Vietnam or Thailand ? Vote for the TOP Country of the Week !

Bijgewerkt: 9 juli 2025


Den 22ste Mei ontmoetten drie karavanen die van Thani, die van Hamed, een Arabier, die een paar dagen te voren was aangekomen, en de mijne elkander te Koenyo, een station, ruim drie-en-een-half uur van Mpoeapoea verwijderd. Een voorsprong van den berg beschermt het dorp tegen de hevige rukwinden, die uit de naburige kloven en bergpassen schieten; maar het water is hier afschuwelijk.

Twee slaven van Thani, slim en welbespraakt en daarbij goed bekend met de hoofden en met de gewoonten des lands, gingen van onzentwege den sultan vier-en-twintig el van verschillende stof aanbieden. Dit geschenk werd onvoldoende geoordeeld, en ondanks de welsprekendheid onzer gezanten, niet eenmaal aangenomen. De sultan verlangde meer.

Te Oenyambogi aangekomen, gingen wij op den grond liggen, en weldra waren allen in diepen slaap gedompeld. Toen ik ontwaakte was het helder dag; de zon scheen mij in de oogen. Hamed was twee uren geleden vertrokken; hij had Thani willen medenemen, die evenwel geweigerd en hem zijn onverstand verweten had.
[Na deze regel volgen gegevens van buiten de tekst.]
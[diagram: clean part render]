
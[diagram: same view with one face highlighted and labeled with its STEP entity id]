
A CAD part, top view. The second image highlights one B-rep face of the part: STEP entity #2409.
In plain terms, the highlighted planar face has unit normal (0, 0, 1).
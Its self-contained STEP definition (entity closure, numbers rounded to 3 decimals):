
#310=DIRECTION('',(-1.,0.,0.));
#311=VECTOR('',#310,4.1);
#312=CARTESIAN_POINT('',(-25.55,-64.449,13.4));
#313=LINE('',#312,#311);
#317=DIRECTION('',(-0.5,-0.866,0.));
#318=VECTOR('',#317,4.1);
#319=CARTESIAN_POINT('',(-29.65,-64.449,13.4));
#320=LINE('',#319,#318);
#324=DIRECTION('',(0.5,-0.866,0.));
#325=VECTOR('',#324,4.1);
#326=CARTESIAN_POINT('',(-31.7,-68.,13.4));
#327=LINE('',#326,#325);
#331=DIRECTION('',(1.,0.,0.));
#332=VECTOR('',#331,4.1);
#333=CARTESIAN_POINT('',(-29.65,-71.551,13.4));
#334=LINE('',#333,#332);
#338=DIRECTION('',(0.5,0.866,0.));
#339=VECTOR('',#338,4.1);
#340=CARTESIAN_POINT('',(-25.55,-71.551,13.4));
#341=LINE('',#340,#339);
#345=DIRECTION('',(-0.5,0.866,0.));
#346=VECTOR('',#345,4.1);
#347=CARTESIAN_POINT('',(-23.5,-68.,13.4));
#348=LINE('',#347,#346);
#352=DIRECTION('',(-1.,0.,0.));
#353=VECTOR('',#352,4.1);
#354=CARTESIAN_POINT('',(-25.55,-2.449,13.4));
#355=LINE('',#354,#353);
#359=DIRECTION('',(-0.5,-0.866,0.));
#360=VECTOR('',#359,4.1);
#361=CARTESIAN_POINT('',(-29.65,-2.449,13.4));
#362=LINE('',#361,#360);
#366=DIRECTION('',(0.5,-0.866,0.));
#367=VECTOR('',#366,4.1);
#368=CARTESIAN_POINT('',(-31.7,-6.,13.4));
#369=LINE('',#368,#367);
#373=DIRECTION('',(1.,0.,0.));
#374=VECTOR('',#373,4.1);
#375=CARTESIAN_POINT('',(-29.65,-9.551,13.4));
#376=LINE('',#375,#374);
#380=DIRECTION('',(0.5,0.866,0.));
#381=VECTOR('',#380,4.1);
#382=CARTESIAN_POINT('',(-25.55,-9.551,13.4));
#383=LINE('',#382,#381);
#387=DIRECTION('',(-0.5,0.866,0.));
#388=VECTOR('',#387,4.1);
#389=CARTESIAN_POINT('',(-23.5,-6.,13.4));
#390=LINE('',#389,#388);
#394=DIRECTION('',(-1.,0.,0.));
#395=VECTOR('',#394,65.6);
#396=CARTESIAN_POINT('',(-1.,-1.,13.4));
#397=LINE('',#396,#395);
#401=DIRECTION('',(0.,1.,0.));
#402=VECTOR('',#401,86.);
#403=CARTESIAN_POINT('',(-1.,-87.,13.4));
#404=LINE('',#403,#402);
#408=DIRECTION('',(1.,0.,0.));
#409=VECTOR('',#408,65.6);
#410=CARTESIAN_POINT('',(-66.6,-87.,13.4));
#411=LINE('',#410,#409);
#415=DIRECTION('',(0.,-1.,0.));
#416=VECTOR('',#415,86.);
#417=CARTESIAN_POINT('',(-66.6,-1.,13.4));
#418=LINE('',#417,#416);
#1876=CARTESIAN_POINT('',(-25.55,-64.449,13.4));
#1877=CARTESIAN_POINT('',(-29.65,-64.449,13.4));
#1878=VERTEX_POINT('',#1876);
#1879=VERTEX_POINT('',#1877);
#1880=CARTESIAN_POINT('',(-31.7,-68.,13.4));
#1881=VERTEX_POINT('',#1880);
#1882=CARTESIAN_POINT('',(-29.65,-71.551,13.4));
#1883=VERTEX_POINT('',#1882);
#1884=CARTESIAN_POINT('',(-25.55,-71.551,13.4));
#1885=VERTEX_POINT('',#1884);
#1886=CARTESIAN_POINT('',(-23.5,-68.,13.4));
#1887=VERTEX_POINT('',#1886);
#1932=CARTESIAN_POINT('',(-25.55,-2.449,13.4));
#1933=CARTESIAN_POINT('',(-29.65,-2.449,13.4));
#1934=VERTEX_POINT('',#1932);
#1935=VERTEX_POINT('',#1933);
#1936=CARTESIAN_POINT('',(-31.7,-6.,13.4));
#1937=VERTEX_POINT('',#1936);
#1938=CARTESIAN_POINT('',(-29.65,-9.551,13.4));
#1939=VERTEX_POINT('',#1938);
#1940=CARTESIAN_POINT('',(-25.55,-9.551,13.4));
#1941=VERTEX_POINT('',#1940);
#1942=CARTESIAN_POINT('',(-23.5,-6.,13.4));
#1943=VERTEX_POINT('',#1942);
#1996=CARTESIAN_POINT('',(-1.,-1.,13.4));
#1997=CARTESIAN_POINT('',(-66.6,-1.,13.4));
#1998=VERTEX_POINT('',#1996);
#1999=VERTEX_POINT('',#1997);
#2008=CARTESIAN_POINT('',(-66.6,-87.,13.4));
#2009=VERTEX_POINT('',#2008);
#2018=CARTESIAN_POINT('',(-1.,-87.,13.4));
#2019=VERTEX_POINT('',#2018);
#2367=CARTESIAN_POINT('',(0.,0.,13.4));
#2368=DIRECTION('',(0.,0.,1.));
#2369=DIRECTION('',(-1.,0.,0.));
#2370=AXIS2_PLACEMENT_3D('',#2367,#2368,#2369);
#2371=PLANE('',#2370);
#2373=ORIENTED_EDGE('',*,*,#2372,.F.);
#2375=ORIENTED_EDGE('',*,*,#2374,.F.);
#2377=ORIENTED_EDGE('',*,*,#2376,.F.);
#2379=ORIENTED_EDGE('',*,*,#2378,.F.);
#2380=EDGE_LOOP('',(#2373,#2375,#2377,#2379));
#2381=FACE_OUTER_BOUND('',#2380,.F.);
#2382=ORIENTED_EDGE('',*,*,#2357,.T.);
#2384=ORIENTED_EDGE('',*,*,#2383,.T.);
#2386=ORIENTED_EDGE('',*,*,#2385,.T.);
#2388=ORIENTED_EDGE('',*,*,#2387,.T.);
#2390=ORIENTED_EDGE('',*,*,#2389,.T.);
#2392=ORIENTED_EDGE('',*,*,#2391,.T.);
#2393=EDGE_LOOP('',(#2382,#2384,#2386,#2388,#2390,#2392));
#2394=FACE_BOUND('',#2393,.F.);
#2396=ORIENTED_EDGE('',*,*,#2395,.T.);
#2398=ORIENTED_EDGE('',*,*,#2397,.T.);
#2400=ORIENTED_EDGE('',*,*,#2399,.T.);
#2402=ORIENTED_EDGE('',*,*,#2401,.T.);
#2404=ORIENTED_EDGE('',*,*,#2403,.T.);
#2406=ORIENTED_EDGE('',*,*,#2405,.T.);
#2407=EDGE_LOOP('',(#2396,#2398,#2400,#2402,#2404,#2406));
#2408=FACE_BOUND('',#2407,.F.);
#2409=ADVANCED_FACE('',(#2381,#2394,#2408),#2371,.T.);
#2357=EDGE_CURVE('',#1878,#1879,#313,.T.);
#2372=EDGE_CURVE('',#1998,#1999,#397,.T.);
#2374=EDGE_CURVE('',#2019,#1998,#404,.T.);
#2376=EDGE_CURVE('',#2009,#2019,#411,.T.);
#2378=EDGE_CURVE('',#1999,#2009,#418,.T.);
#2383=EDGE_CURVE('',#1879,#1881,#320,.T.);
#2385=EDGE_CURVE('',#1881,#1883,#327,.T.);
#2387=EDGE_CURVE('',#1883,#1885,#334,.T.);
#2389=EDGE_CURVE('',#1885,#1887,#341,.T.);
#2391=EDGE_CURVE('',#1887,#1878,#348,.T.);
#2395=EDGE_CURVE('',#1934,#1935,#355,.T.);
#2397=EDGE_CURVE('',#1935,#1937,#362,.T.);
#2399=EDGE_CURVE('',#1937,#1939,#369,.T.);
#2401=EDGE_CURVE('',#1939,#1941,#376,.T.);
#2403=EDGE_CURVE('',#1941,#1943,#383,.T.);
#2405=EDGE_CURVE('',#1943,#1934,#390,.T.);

Op het volgende station vonden wij hem weder driftiger en onrustiger dan ooit.

Ik wilde eerst weigeren, maar Thani bracht mij tot andere gedachten. "Ik moet toegeven," zoo sprak hij, "anders zal de oorlog uitbarsten, uwe pagazis zullen wegloopen, en u en uwe bagage in de macht laten der Vouagogo. Geloof mij: laat ons den sultan niet verbitteren." De slaven vertrokken weder, en namen honderd-twintig el mede.

Toch verliet hij ons eenige dagen later, toen wij te Koesoeri, aan de grenzen van Magoenda-Mkali, waren gekomen. Daar moest ik ook Thani achterlaten, wiens dragers voor het meerendeel door de pokken waren aangetast. Na een tocht van enkele dagen bereikten wij Koeïkoeroe, ongeveer twee mijlen ten zuiden van Tabora, de hoofdplaats der arabische nederzettingen.

Onze weg liep in noordwestelijke richting en voerde ons naar de khambi van Mpoepoea, waar wij den sheik Thani aantroffen, dien braven Arabier, wiens tusschenkomst bij de dochter van Kisabengo ons zoo nuttig was geweest. Hij had zijne tent opgeslagen onder een reusachtigen, wilden vijgeboom, en onthaalde zich sedert twee dagen op schapen- en ossenvleesch en melkspijs.

De twee Arabieren, Thani en sheik Hamed, waren nog altijd bij ons; die titel van sheik wordt hier beleefdheidshalve aan iederen Arabier van middelbaren leeftijd en van zekeren stand gegeven.

Zij had hare bedreiging ook uitgevoerd; en sedert zestien uren waren mijne drie soldaten op de markt geboeid ten toon gesteld, ten spot der menigte, toen een Arabier, dien ik te Kingaroe ontmoet had, de sheik Thani, hen gelukkig herkende.